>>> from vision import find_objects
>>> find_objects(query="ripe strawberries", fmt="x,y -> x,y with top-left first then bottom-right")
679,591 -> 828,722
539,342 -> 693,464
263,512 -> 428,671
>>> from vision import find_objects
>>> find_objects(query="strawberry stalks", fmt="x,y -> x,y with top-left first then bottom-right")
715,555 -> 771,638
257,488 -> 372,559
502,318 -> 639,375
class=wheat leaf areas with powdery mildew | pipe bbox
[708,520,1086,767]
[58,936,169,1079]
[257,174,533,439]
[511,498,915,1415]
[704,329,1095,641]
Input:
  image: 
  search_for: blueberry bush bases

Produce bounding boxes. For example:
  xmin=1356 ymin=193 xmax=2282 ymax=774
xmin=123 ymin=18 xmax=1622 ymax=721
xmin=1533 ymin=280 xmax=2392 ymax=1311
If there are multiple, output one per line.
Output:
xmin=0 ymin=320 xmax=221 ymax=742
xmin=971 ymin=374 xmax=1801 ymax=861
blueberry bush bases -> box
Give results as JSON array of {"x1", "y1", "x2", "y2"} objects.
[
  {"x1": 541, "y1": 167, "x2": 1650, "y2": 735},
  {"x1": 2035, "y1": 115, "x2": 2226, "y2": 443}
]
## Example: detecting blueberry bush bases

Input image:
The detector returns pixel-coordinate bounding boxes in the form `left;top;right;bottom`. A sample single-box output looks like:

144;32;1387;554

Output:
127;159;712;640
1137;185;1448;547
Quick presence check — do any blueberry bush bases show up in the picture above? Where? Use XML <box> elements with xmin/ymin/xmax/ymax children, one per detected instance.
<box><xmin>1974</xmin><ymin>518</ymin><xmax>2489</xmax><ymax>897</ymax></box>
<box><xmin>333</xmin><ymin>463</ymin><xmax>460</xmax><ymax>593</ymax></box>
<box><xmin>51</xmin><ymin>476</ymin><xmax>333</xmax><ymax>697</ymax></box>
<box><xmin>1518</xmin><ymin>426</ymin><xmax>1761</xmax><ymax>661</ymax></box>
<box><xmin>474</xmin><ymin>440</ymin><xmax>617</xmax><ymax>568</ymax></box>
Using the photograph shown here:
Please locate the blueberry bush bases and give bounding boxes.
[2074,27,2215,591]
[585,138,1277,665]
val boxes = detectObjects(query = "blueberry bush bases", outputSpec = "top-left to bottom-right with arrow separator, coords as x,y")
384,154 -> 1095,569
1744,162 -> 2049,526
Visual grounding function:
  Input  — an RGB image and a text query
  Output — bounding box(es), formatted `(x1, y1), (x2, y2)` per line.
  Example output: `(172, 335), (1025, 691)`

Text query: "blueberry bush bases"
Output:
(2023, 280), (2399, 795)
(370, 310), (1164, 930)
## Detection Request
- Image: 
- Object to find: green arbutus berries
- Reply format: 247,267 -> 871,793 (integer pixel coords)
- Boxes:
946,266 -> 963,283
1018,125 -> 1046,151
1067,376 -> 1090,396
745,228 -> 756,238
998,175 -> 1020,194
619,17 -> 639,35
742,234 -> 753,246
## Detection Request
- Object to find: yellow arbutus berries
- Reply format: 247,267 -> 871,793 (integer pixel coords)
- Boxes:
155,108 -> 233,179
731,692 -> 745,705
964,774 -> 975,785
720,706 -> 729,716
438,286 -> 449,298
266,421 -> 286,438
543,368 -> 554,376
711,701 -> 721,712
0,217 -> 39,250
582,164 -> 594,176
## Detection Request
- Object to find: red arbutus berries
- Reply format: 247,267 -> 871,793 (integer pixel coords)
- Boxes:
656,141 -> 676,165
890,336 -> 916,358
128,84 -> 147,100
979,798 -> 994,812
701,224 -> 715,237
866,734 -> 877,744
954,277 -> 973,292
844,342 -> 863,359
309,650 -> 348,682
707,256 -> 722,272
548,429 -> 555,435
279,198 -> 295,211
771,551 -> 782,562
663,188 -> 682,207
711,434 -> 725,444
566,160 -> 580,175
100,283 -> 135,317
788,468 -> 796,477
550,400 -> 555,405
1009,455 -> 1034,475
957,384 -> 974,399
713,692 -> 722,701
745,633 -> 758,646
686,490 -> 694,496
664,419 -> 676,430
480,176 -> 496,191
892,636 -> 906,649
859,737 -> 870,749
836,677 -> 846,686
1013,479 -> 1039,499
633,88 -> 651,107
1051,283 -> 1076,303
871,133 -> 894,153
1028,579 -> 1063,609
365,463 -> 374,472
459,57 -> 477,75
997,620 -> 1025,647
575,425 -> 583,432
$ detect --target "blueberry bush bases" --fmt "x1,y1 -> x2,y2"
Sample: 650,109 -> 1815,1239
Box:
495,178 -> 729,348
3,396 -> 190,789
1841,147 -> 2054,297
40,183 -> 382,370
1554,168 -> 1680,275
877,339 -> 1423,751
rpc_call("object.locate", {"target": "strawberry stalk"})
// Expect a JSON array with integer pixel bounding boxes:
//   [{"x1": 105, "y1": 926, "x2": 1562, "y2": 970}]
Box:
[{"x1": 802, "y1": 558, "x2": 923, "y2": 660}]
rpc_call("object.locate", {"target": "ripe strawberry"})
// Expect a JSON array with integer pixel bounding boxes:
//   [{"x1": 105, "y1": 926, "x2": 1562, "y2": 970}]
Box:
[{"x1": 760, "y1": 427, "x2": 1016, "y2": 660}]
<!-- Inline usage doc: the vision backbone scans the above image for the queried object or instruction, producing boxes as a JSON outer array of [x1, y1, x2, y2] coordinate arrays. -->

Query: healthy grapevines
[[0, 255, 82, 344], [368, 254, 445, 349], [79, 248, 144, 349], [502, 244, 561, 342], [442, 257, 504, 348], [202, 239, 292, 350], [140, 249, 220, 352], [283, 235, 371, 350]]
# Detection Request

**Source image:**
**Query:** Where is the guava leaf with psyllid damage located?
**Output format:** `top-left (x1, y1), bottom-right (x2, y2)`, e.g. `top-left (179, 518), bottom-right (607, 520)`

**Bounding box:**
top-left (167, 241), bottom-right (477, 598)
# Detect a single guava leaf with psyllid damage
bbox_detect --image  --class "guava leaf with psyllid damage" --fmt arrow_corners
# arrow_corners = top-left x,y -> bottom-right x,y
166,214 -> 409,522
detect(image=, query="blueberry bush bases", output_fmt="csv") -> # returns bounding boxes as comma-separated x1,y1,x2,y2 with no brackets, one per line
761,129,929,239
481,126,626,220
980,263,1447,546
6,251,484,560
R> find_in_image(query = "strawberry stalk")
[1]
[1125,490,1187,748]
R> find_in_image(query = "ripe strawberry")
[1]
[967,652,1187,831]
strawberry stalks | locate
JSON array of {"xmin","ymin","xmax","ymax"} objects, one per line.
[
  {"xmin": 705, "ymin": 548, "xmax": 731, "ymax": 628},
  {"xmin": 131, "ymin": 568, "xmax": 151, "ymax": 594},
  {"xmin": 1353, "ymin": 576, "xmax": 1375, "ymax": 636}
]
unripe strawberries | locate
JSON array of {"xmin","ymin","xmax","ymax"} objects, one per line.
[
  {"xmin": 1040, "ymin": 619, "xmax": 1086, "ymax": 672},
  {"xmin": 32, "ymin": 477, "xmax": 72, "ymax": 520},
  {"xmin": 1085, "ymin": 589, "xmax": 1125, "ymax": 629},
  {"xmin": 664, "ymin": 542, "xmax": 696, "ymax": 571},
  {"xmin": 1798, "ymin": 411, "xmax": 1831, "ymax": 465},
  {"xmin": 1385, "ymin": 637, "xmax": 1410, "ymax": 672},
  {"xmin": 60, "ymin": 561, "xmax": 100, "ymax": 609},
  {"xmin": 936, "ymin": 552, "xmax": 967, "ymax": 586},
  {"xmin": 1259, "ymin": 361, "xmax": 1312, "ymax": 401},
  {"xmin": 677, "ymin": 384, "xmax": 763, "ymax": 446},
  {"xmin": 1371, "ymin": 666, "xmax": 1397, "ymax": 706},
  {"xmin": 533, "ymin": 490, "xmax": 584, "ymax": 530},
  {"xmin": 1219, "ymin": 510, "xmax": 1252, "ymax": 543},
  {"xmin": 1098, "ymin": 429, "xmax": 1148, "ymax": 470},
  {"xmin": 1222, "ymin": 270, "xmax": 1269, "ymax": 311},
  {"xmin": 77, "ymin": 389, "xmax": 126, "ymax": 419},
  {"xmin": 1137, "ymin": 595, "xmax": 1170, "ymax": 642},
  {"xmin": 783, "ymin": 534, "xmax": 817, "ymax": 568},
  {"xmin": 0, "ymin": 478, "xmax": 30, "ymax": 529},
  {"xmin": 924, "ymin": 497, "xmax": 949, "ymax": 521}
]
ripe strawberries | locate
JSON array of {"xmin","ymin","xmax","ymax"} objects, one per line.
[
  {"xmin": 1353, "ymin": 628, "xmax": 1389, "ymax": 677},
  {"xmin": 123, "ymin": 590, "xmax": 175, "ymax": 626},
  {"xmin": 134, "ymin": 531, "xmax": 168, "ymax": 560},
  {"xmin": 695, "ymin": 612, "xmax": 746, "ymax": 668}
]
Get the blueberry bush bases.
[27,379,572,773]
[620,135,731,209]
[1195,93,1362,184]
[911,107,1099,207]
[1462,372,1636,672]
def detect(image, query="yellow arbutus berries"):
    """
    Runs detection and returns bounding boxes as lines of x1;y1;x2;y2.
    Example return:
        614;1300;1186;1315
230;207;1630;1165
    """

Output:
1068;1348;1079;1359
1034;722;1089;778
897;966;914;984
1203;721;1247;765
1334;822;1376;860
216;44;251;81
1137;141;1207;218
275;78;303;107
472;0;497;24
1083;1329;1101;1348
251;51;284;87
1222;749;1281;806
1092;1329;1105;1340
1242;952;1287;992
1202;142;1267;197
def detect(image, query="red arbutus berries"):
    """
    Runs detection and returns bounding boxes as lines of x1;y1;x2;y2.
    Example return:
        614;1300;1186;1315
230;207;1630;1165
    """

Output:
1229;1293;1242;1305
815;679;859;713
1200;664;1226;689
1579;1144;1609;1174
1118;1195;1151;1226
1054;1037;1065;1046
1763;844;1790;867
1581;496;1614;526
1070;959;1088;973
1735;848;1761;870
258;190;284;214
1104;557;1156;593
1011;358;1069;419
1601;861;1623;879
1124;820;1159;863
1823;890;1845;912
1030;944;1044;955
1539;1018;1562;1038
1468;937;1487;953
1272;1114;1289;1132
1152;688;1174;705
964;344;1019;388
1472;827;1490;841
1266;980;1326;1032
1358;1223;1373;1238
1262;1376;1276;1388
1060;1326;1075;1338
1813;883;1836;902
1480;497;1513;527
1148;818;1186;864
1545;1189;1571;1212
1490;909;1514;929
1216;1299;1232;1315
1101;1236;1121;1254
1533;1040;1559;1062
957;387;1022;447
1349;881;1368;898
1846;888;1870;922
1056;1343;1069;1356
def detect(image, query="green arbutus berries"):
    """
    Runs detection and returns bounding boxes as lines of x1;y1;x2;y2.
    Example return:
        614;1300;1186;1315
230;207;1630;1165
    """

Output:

**Work instructions:**
Reply with one number, the count of lines in the entries that hold the string "yellow".

**Solution:**
2